=== Task item ===
Copy the data below exactly. Any pictures in it should be omitted.

=== Material shown ===
——————
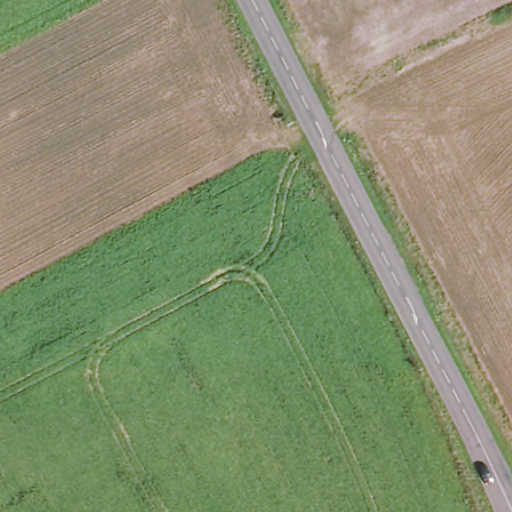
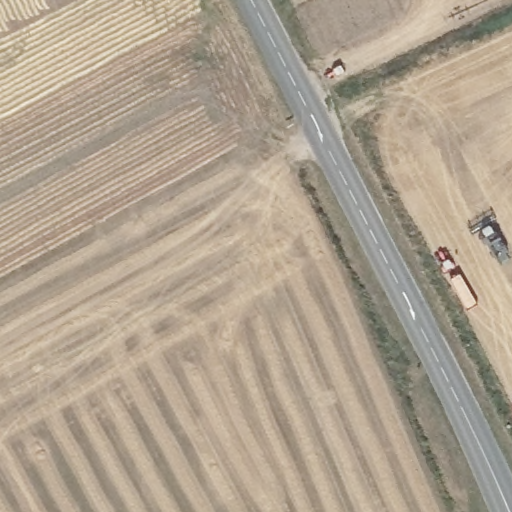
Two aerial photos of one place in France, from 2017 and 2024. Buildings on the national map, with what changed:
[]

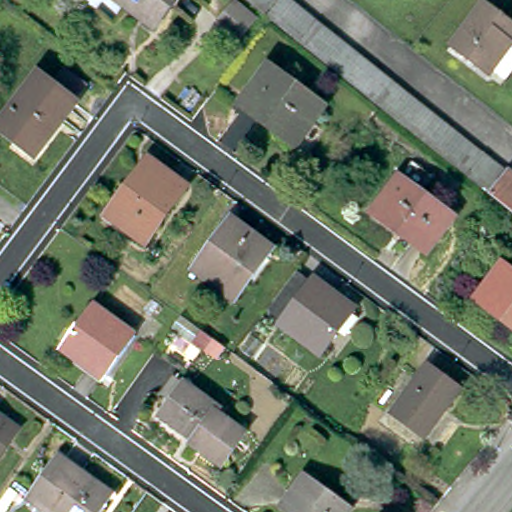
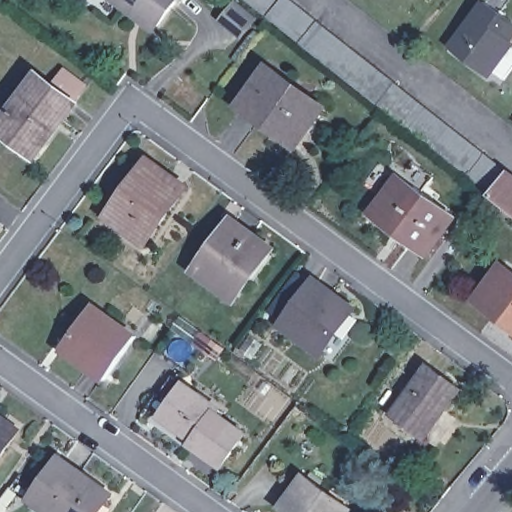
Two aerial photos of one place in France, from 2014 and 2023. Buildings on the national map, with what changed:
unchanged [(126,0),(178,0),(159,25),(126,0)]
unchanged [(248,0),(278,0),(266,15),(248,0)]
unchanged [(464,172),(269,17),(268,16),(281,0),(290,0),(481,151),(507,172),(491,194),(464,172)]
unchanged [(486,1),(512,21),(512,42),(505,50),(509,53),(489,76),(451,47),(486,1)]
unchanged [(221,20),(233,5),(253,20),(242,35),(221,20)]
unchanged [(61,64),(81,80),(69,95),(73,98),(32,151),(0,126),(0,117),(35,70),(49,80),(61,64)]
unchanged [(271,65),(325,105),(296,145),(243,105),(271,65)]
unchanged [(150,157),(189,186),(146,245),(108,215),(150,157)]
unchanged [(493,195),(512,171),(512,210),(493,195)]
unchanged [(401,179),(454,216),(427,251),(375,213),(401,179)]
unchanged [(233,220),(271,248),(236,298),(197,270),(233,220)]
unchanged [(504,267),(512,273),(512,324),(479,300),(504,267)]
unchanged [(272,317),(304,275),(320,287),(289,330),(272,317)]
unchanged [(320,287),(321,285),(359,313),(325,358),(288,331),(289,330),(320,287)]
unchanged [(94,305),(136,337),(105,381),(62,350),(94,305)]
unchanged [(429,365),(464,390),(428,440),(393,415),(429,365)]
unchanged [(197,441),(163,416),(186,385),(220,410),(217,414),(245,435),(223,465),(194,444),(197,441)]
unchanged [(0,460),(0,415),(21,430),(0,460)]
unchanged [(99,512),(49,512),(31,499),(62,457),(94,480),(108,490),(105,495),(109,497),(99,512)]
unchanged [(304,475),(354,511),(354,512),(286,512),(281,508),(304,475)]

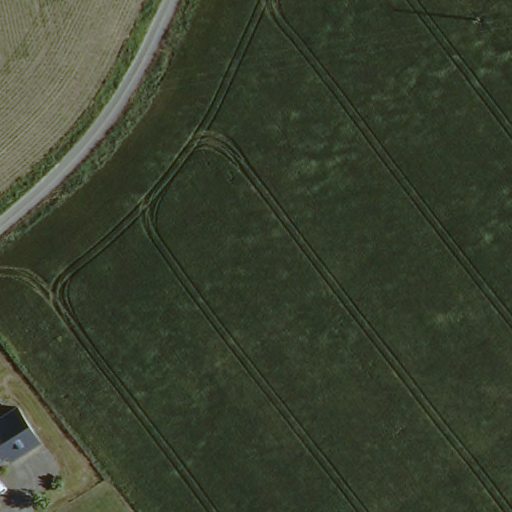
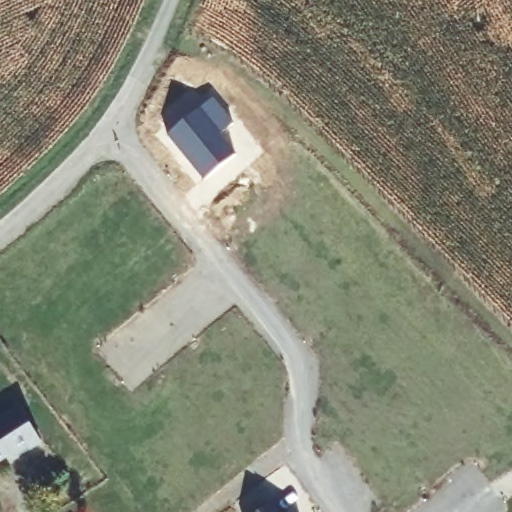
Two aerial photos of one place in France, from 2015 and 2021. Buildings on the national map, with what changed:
——————
=== Answer space ===
Two aerial photos of one place in France, from 2017 and 2024. Buildings on the national map, with what changed:
[]

Two aerial photos of one place in France, from 2014 and 2023. Buildings on the national map, with what changed:
unchanged [(126,0),(178,0),(159,25),(126,0)]
unchanged [(248,0),(278,0),(266,15),(248,0)]
unchanged [(464,172),(269,17),(268,16),(281,0),(290,0),(481,151),(507,172),(491,194),(464,172)]
unchanged [(486,1),(512,21),(512,42),(505,50),(509,53),(489,76),(451,47),(486,1)]
unchanged [(221,20),(233,5),(253,20),(242,35),(221,20)]
unchanged [(61,64),(81,80),(69,95),(73,98),(32,151),(0,126),(0,117),(35,70),(49,80),(61,64)]
unchanged [(271,65),(325,105),(296,145),(243,105),(271,65)]
unchanged [(150,157),(189,186),(146,245),(108,215),(150,157)]
unchanged [(493,195),(512,171),(512,210),(493,195)]
unchanged [(401,179),(454,216),(427,251),(375,213),(401,179)]
unchanged [(233,220),(271,248),(236,298),(197,270),(233,220)]
unchanged [(504,267),(512,273),(512,324),(479,300),(504,267)]
unchanged [(272,317),(304,275),(320,287),(289,330),(272,317)]
unchanged [(320,287),(321,285),(359,313),(325,358),(288,331),(289,330),(320,287)]
unchanged [(94,305),(136,337),(105,381),(62,350),(94,305)]
unchanged [(429,365),(464,390),(428,440),(393,415),(429,365)]
unchanged [(197,441),(163,416),(186,385),(220,410),(217,414),(245,435),(223,465),(194,444),(197,441)]
unchanged [(0,460),(0,415),(21,430),(0,460)]
unchanged [(99,512),(49,512),(31,499),(62,457),(94,480),(108,490),(105,495),(109,497),(99,512)]
unchanged [(304,475),(354,511),(354,512),(286,512),(281,508),(304,475)]

Two aerial photos of one place in France, from 2015 and 2021. Buildings on the national map, with what changed:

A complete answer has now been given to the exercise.